North Africa, West Asia

Sistani’s game changer

Internally, Sistani’s words directly addressed the fractured Iraqi political class. They are helping reunite Iraq’s dithering Shi’a factions under the strategic priority of fighting terrorism, and boosting moderate Sunnis.

Jaffar Al-Rikabi
16 June 2014

Ayatollah Sayid Ali Al-Sistani is the leading Islamic Shi’a scholar, playing a preeminent role similar to the Pope amongst Catholics. Housed in modest dwellings in the holy city of Najaf, he has been the mainstay of calm and moderation in Iraq. His fatwas throughout the last decade urging Shi’a-Sunni unity have been credited for holding back Iraq from all-out civilian strife at the height of sectarian tensions in 2006-8. So when Sistani issues a call to arms, our world stands up and takes notice.

Delivered through his main representative, Sheikh Abdul Mahdi Al-Karbalei, in last Friday’s prayer, Ayatollah Sistani called on every able-bodied Iraqi to volunteer to join the security forces in the fight against terrorism. His call came after a tumultuous week in which the Iraqi army melted away before an aggressive onslaught from ISIS consolidated their hold on Mosul, and started to move towards the capital Baghdad after seizing control of Tikrit.

Over the last 48 hours, Iraqi and Arab television screens have played over and again those words, and tens of thousands of Iraqis are responding, forming long queues of volunteers.  

The significance of Sistani’s call to arms

Sistani’s message yesterday provided a much-needed morale boost to Iraq’s beleaguered security forces. Iraq’s army and police are under huge pressure, facing national and international scrutiny over the way they allowed ISIS to invade large swathes of territory without putting up a fight. Some generals are being accused of outright collaboration with ISIS, while others are alleged to have accepted bribes, or simply deserted.

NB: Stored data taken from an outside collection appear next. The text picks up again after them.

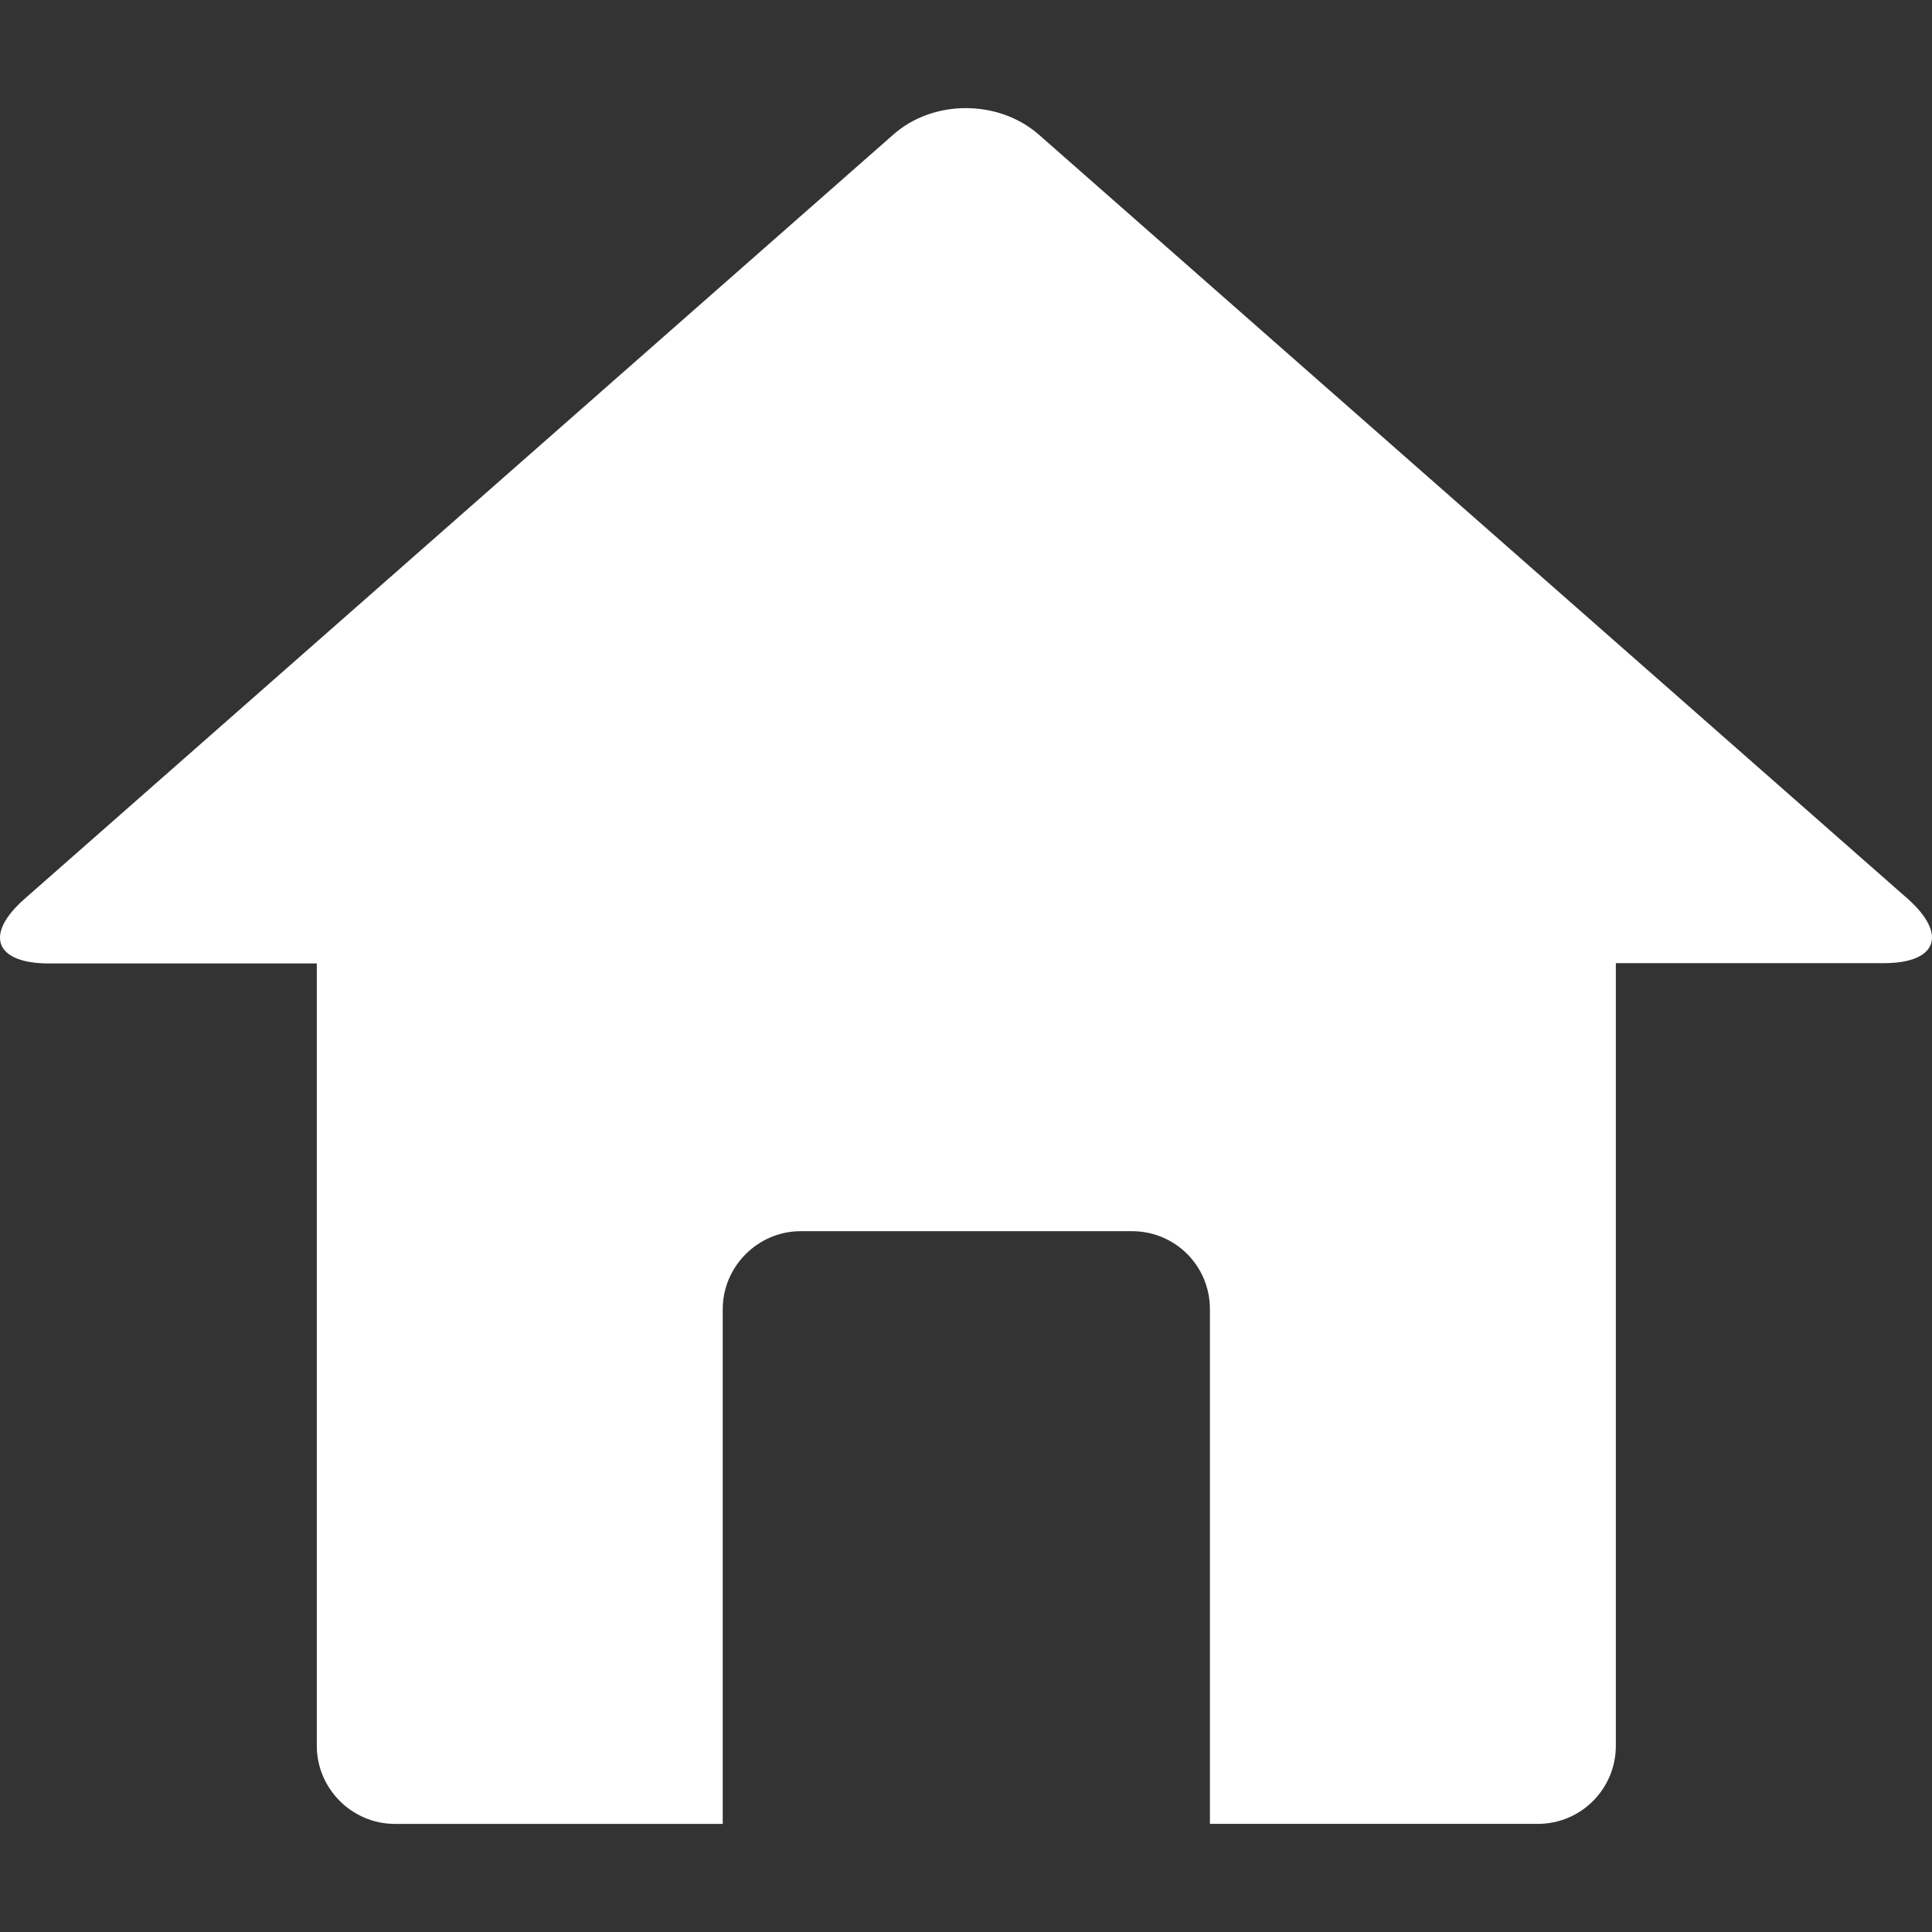 <svg xmlns="http://www.w3.org/2000/svg" width="547.596" height="547.596" viewBox="0 0 547.596 547.596"><rect x="0" y="0" width="547.596" height="547.596" fill="#333333" stroke="none"/><path fill="#fff" d="M540.76 254.788L294.506 38.216c-11.475-10.098-30.064-10.098-41.386 0L6.943 254.788c-11.475 10.098-8.415 18.284 6.885 18.284h75.964v221.773c0 12.087 9.945 22.108 22.108 22.108h92.947V371.067c0-12.087 9.945-22.108 22.11-22.108h93.864c12.24 0 22.11 9.79 22.11 22.107v145.886h92.946c12.24 0 22.108-9.945 22.108-22.108v-221.85h75.965c15.07 0 18.13-8.11 6.81-18.207z"/></svg>
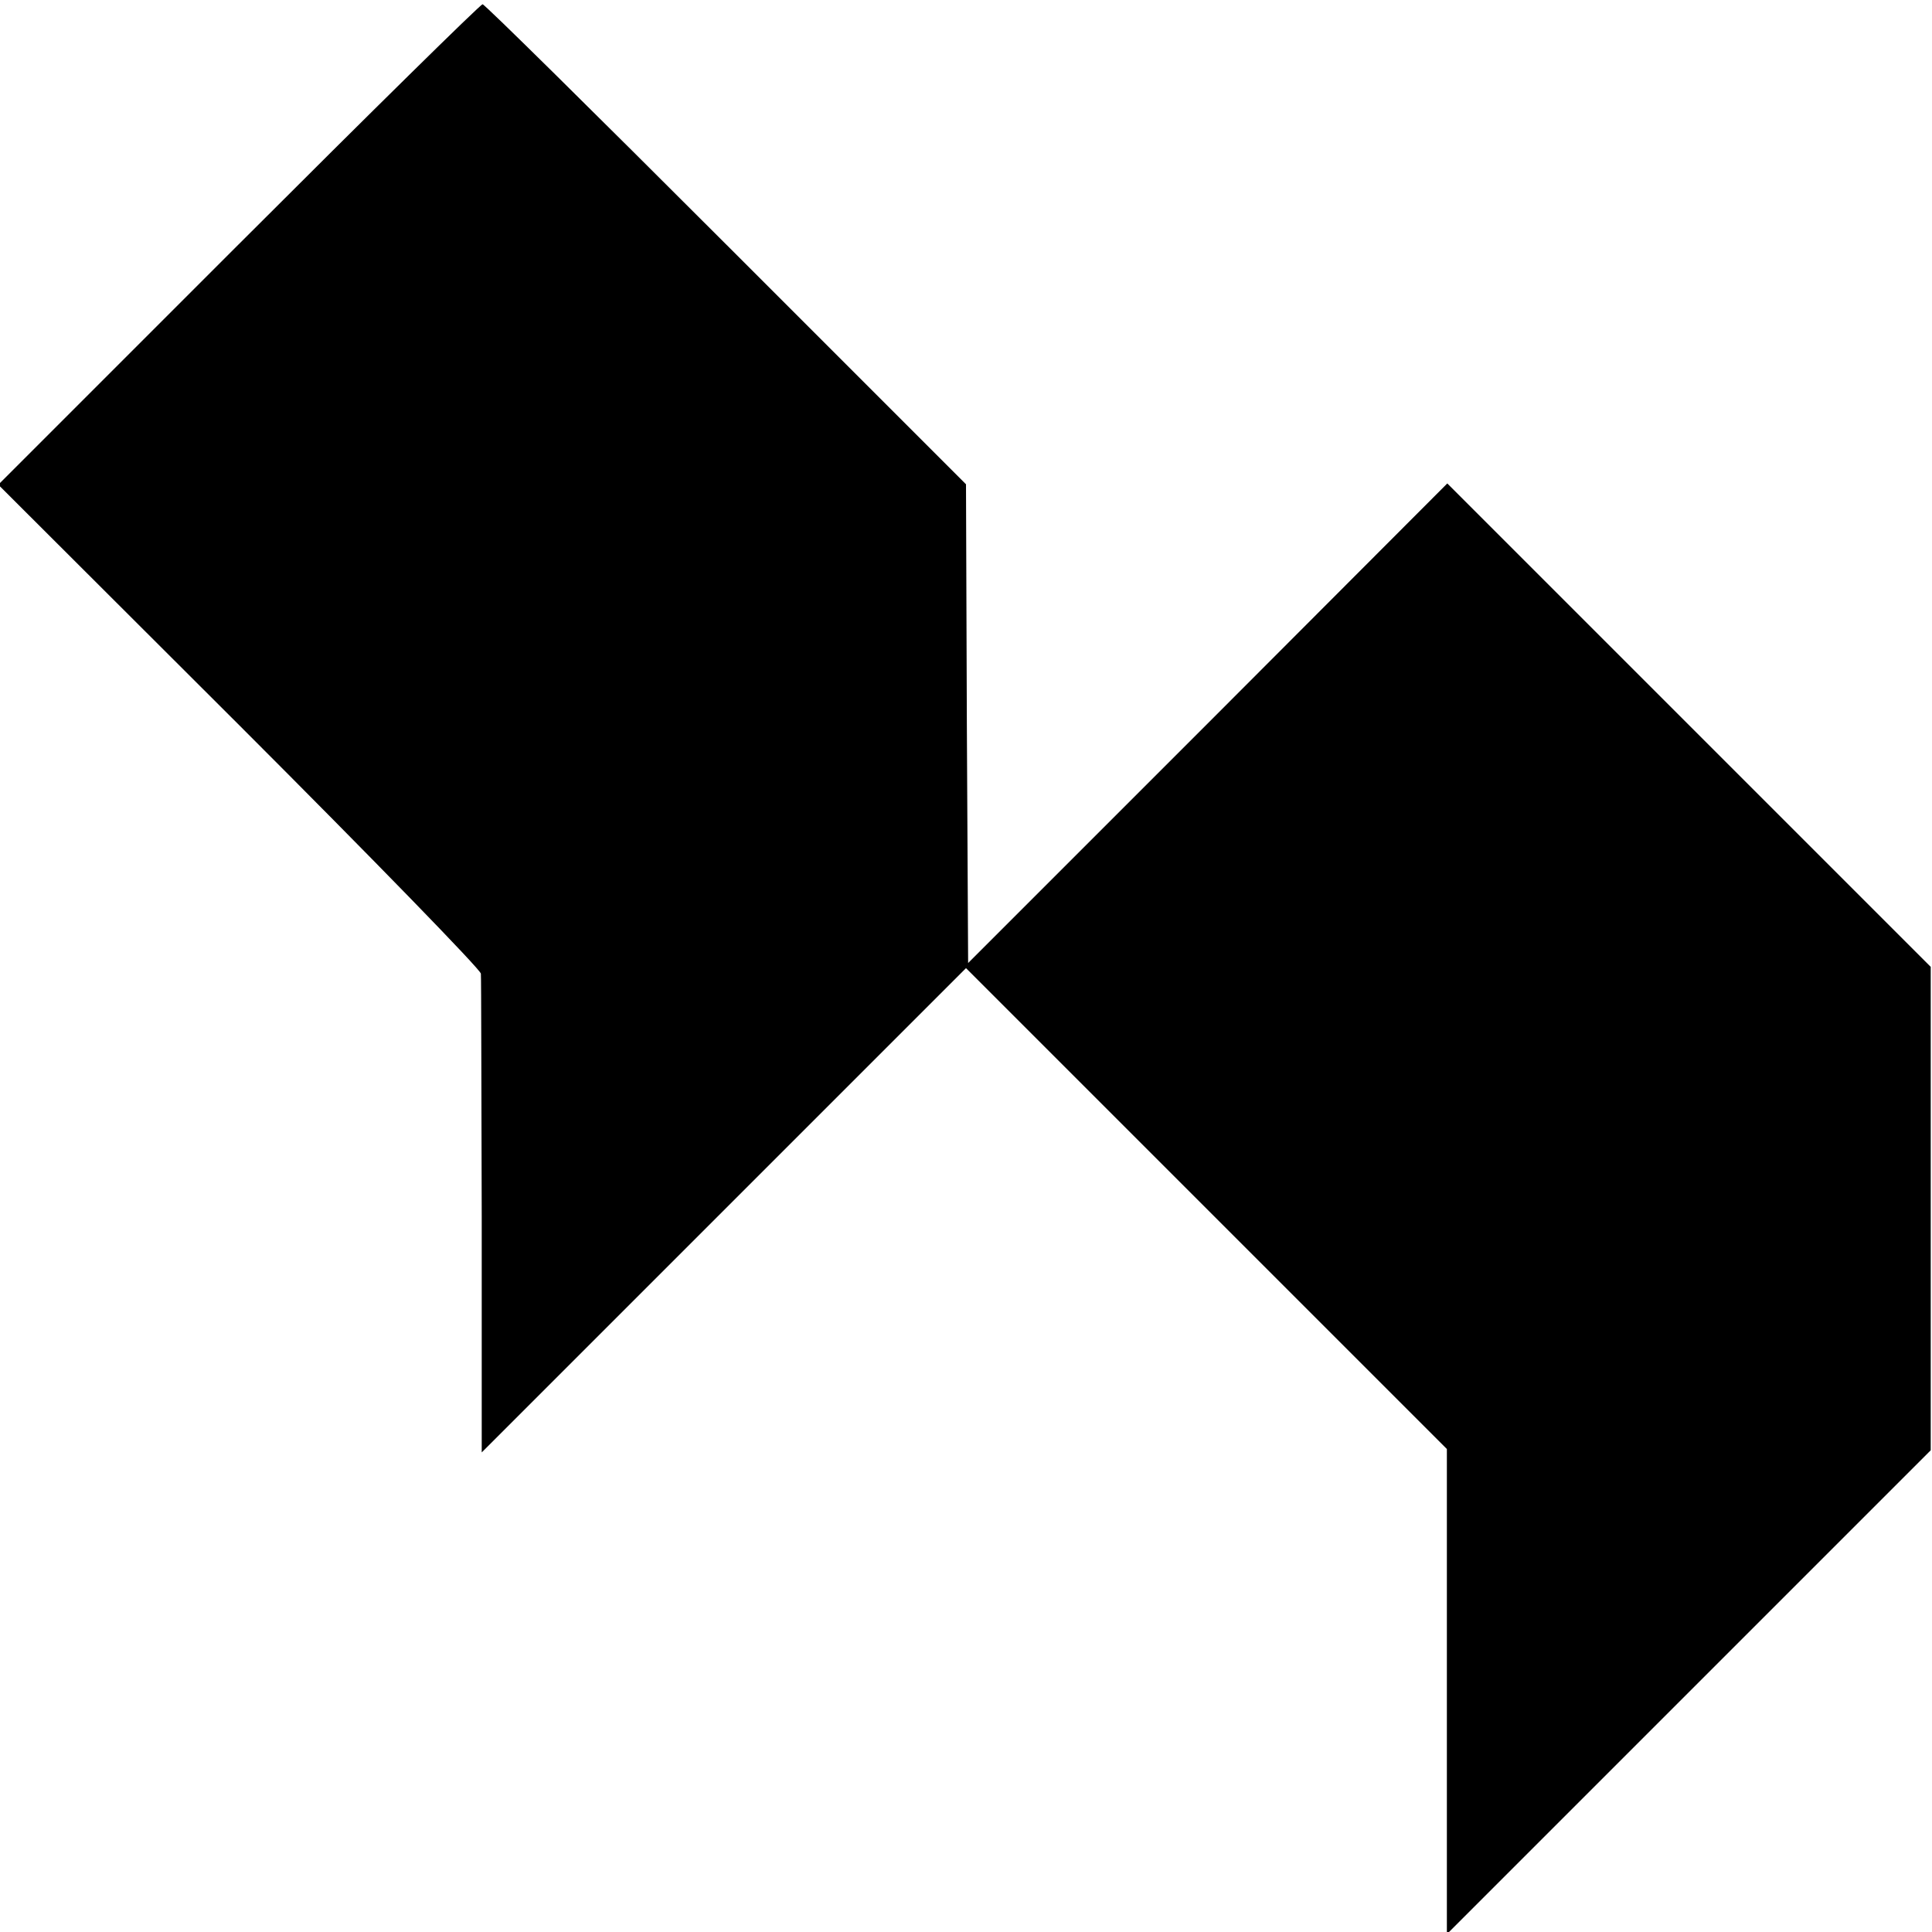 <?xml version="1.0" encoding="UTF-8"?>
<svg version="1.0" xmlns="http://www.w3.org/2000/svg"
     width="454" height="454" viewBox="0 0 454 454"
     preserveAspectRatio="xMidYMid meet">
    <g transform="translate(0,454) scale(0.1,-0.1)" fill="#000000" stroke="none">
        <path d="M561 3966 l-565 -565 567 -566 c312 -312 567 -574 567 -583 1 -10 1 -266 2 -571 l0 -554 569 569 569 569 565 -565 565 -565 0 -570 0 -570 568 568 569 569 0 568 0 568 -568 568 -568 568 -563 -564 -563 -563 -3 563 -2 562 -564 564 c-310 310 -567 564 -572 564 -5 0 -263 -254 -573 -564z"/>
    </g>
</svg>

Sistani’s words of support have garnered much needed support for the security forces that must ultimately shoulder the responsibility of leading the fight against violent extremism.  But the key impact of Sistani’s intervention is political.

Internally, Sistani’s words directly addressed the fractured Iraqi political class. They are helping reunite Iraq’s dithering Shi’a factions under the strategic priority of fighting terrorism, and boosting moderate Sunnis by emphasizing the need to sacrifice to save the locals of Mosul from extremist rule.

The intra Sunni fight between moderates and extremists is ultimately what will make or break ISIS, and Sistani’s words may already be having an effect. Just yesterday the Imam of Mosul’s main mosque, Sheik Mohammed Al-Mansouri was killed by ISIS after refusing to hand over the mosque to their control. The Sheik’s assassination quickly drew condemnation throughout Iraq, with Iraqi Shi’a clerics close to Sistani offering their sympathies and support to their fellow countrymen.

Externally, Sistani’s words have sent tremors into the corridors of power in the Arab and broader Muslim world. Sistani’s words were understood as a call for jihad: a holy war against the terrorists. It represents by far the strongest statement Sistani has ever issued since assuming leadership of the Shi’a Muslim world.

The political message to the Gulf and Ankara is clear: if they continue to fund and sponsor extremist Sunni militant groups, the leadership of the Shi’a Muslim world will no longer stand idly by. If a fight is inevitable, they are ready. 

A rare American-Iranian partnership?

The enormity and seriousness of the ISIS threat on Iraq brings the United States and Iran onto the same strategic side. Shared interests in the stability of Iraq and the need to eradicate terrorists create a significant opening for cooperation between the two countries. The last time the sides came together was in the aftermath of 9/11, when Iran offered support for the US war on the Taleban. Iran’s President Hassan Rouhani has seized on this opportunity, calling today on “all to practically and verbally confront terrorist groups,” indicating Iranian willingness to cooperate with the US in the shared goal of fighting terrorism. If this cooperation takes place, prospects for increased trust in the western-Iranian nuclear negotiations may follow.

Pessimists see the ISIS attack as resulting in Iraq’s breakup and the boosting of terrorism in the region. Optimists see a great opportunity for Shi’a-Sunni unity against extremists, and the moves toward an American-Iranian rapprochement that can be transformative for peace and security prospects in the Middle East. Either scenario is possible, or more likely, events leading to somewhere in between.